Are Archetypes Real?


This article is the second of the series about Jung and “shadow work” with Özgür Önal.

I have been following Özgür for a long time and got inspired by his interest in Jung’s work and his synthesis of Jung and Sufi mystic thinking. So, we came together one night, with many questions in my head. The intention was one article which resulted in 6 articles around the topic of Jung and shadow work as you can see in the titles below.

What Jung really said?

Are archetypes real?

Who came up with the archetype and why?

What is a Jungian shadow?

How do you do shadow work on yourself?

Can shadow work help with depression?

Before starting, I would like to introduce Özgür to you;

So let’s continue with our journey in the incredible world of Jung.

Are archetypes real?

A Jungian scholar, Robert Johnson, once was asked if dreams are real, and his answer was almost something like this: “Dreams are much more real than you think. Compared to the reality of the physical world right now, it has a reality beyond it.”

When we pause for a moment to ask the world of symbols, the archetypes, what they are trying to reveal to me for my day? what kind of light they are trying to shed, that bridge begins to be built.

Archetypes are also real, of course.

Its reality might not be a reality that we perceive with our five senses.

When you read a beautiful letter from a beloved one or listen to your favorite music, something moves in your heart, a movement brought about by a realization in the spiritual realm.

Maybe another answer would be this. Don’t believe anyone. Try the presented rituals and decide for yourself how real they are for you. It is so real that there is no room for doubt for people who take the time, effort, and heal from these kinds of works. As we practice it, we see reality, we know it from inside, a step more than believing.

When do we say that something is real? Can’t something which transforms us be real, even if it’s invisible and abstract? What transforms me is also a very powerful reality.

If connecting with the archetype, feeling it, working on my own blind spots transforms me, then I think it’s very real and true.

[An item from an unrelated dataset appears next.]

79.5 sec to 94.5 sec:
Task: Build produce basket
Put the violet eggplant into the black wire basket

Maybe this is the only truth and reality in one way. A material thing never has an ability to transform me from inside, it just supports my worldly living in terms of material needs like food, shelter, clothing which are also very necessary for life. I am not underestimating them. I just highlight another need that our psyche is carving for, the need for maturing and transforming into a shining personality to serve life. If archetypes and symbols have the ability to serve this need, then we can say they are so much real from the angle we’re looking at.

Which Jungian archetype are you or am I?

This question is not a well-formed question actually. I am gonna approach this question from a wider context since it reminds me of a bit of a “fast-food”-like approach to life. And then I’ll come back to question again. 

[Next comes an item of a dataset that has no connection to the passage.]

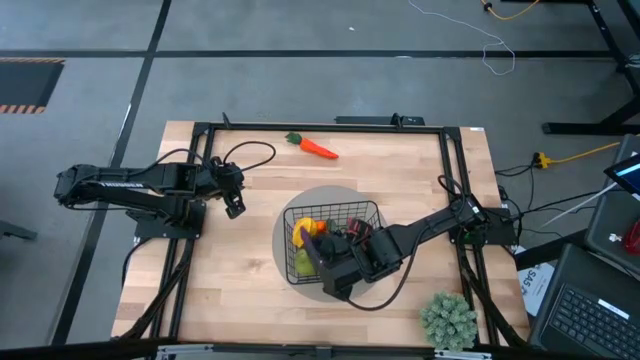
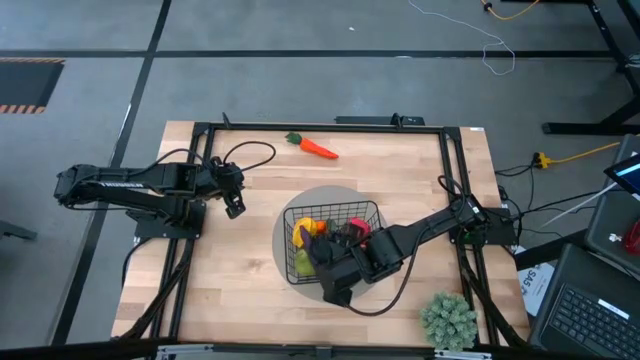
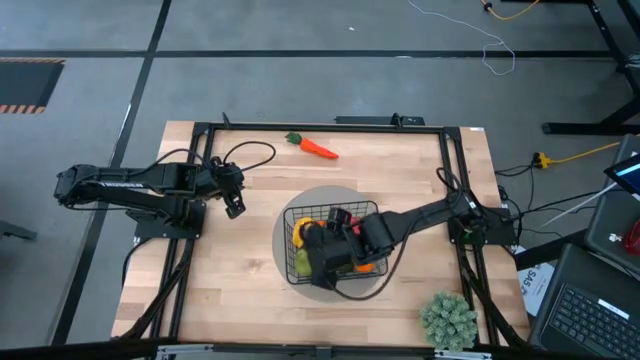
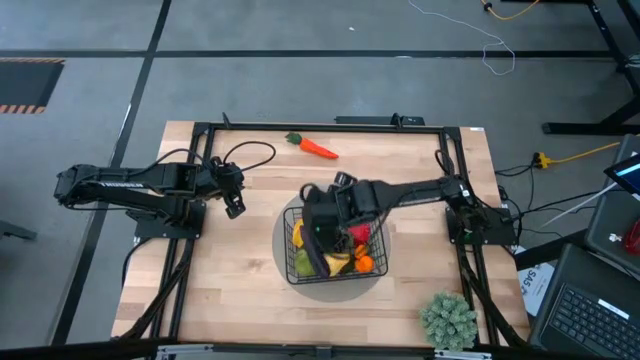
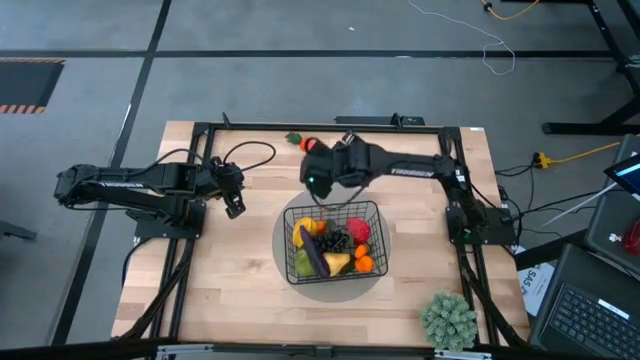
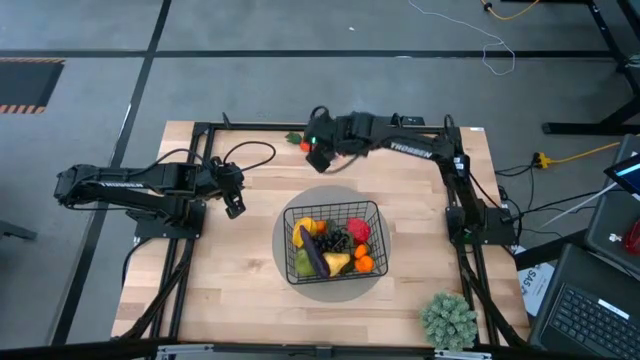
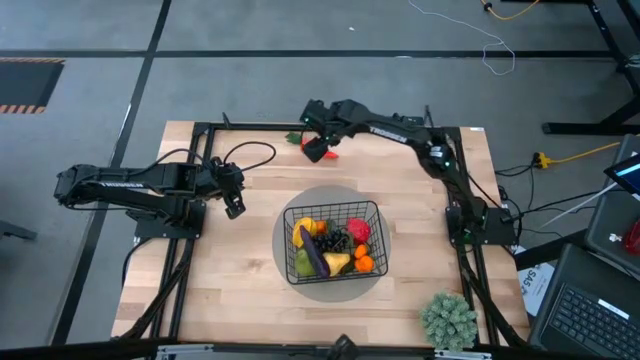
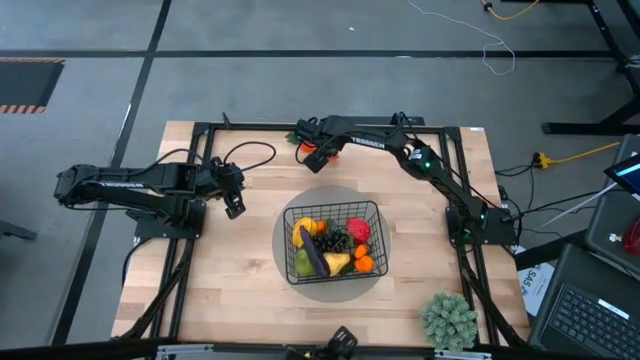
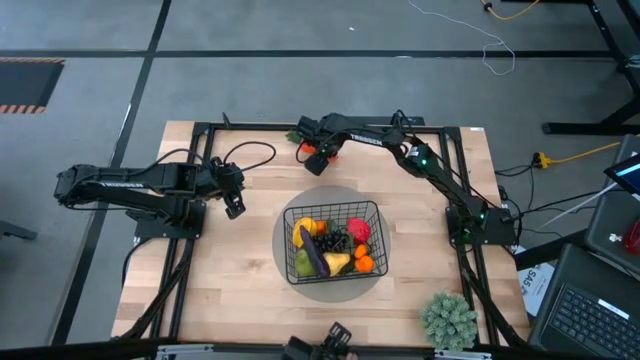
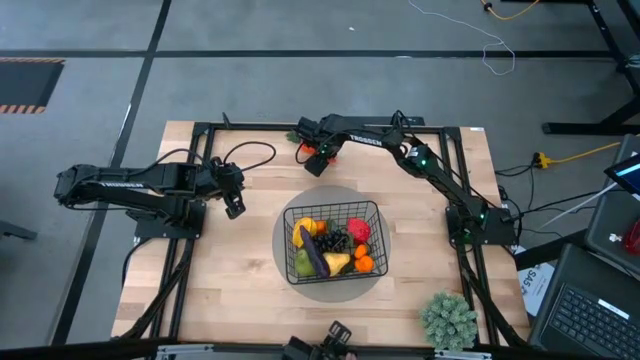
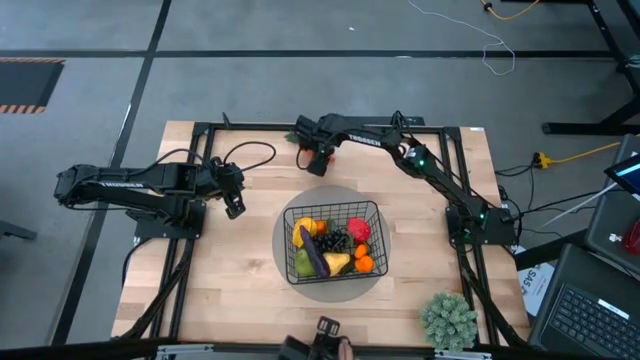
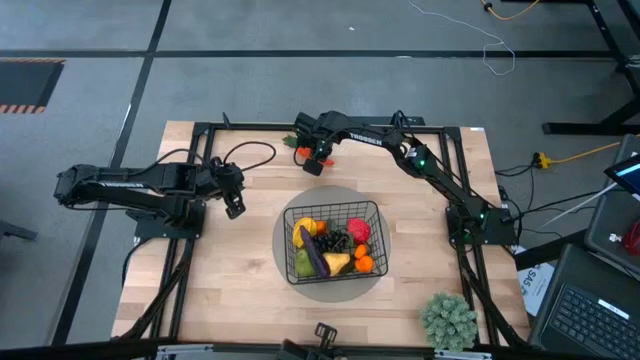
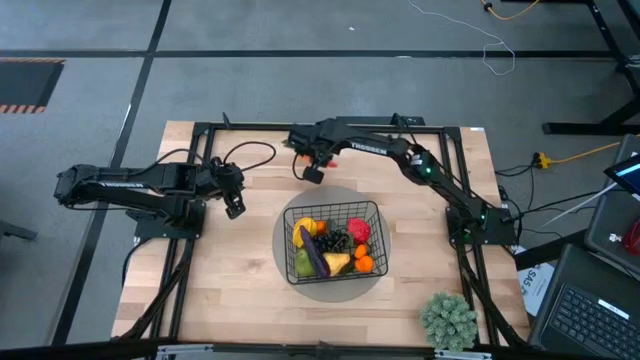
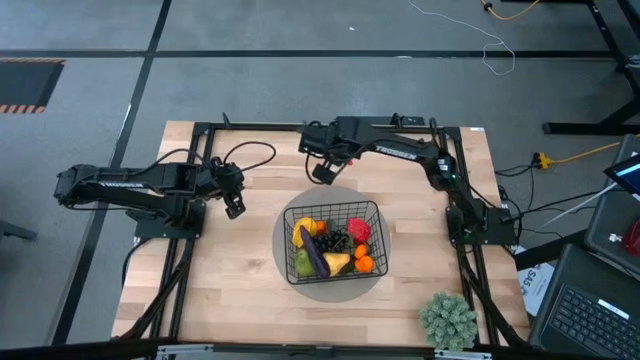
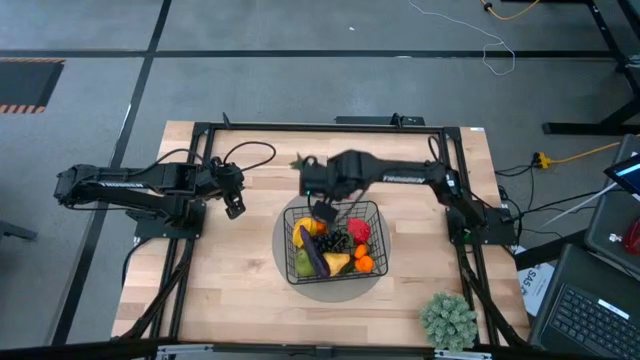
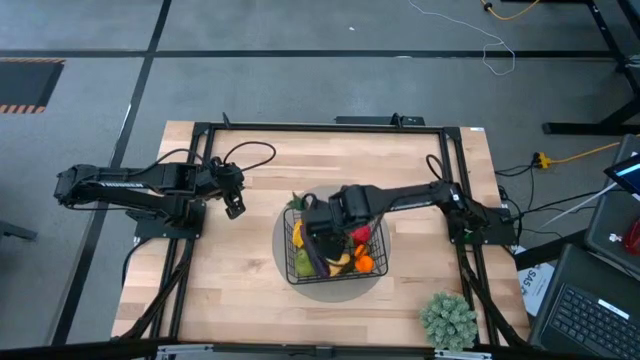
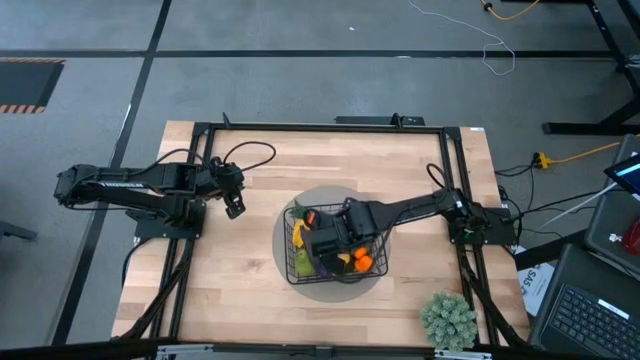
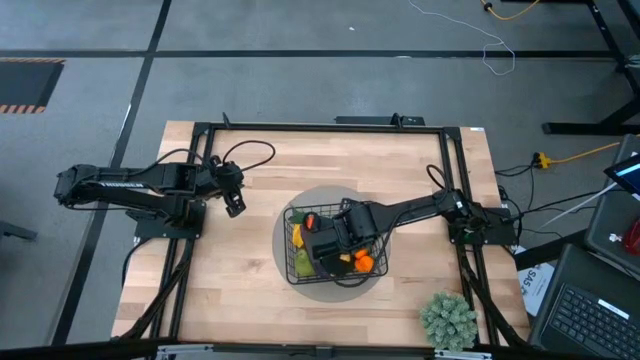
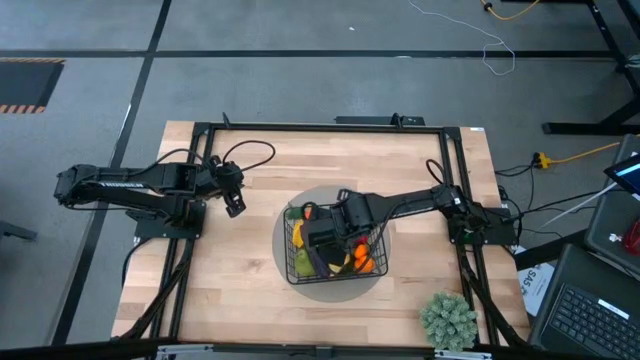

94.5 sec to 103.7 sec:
Put the orange carrot into the wire black basket

We also come across many ego-centric attempts to sell the idea of archetypes in the commercial world. Some examples are the marketing industry that uses archetypes to sell more products to customers without caring about the real wellness of customers and also the wellness of nature and earth.

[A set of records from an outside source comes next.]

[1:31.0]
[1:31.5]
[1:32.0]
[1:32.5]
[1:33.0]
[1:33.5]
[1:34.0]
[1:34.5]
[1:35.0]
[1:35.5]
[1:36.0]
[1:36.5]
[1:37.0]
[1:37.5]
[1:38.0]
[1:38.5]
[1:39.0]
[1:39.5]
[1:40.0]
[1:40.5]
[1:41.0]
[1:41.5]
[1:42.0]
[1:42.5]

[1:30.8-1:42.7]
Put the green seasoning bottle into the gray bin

Performance-driven human resources is another example that enforces the full capacity of human labor in industry. Fast self-improvement industries come with promises like “feel_good_tomorrow”, “become the person who you want to be”, “know-the-secret”. These types of attempts also try to include archetypes framework into their curriculum.

Actually, the archetypal transformation has nothing to do with fast self-improvement or feeling_good_tomorrow. It has its own pace and timing. It’s a permanent transformation and it’s not self-centric. “get what you want when you want”, “achieve_all_your_dream” or “be_successful ” are not the promises of archetypes or Jungian thought.  

That’s the reason why a quick recipe of archetypes would be very superficial and even might take us away from the transformative aspect of archetypes. Let’s say I told you which archetype you are. But what’s the point, if you don’t challenge your own intention behind how you are gonna use this information? So instead of asking which archetype you are, Let’s go deeper with the archetypes to feel the impact of it in our lives. 

The archetype is an expansion of the human spirit. So are the symbols. They all live within us.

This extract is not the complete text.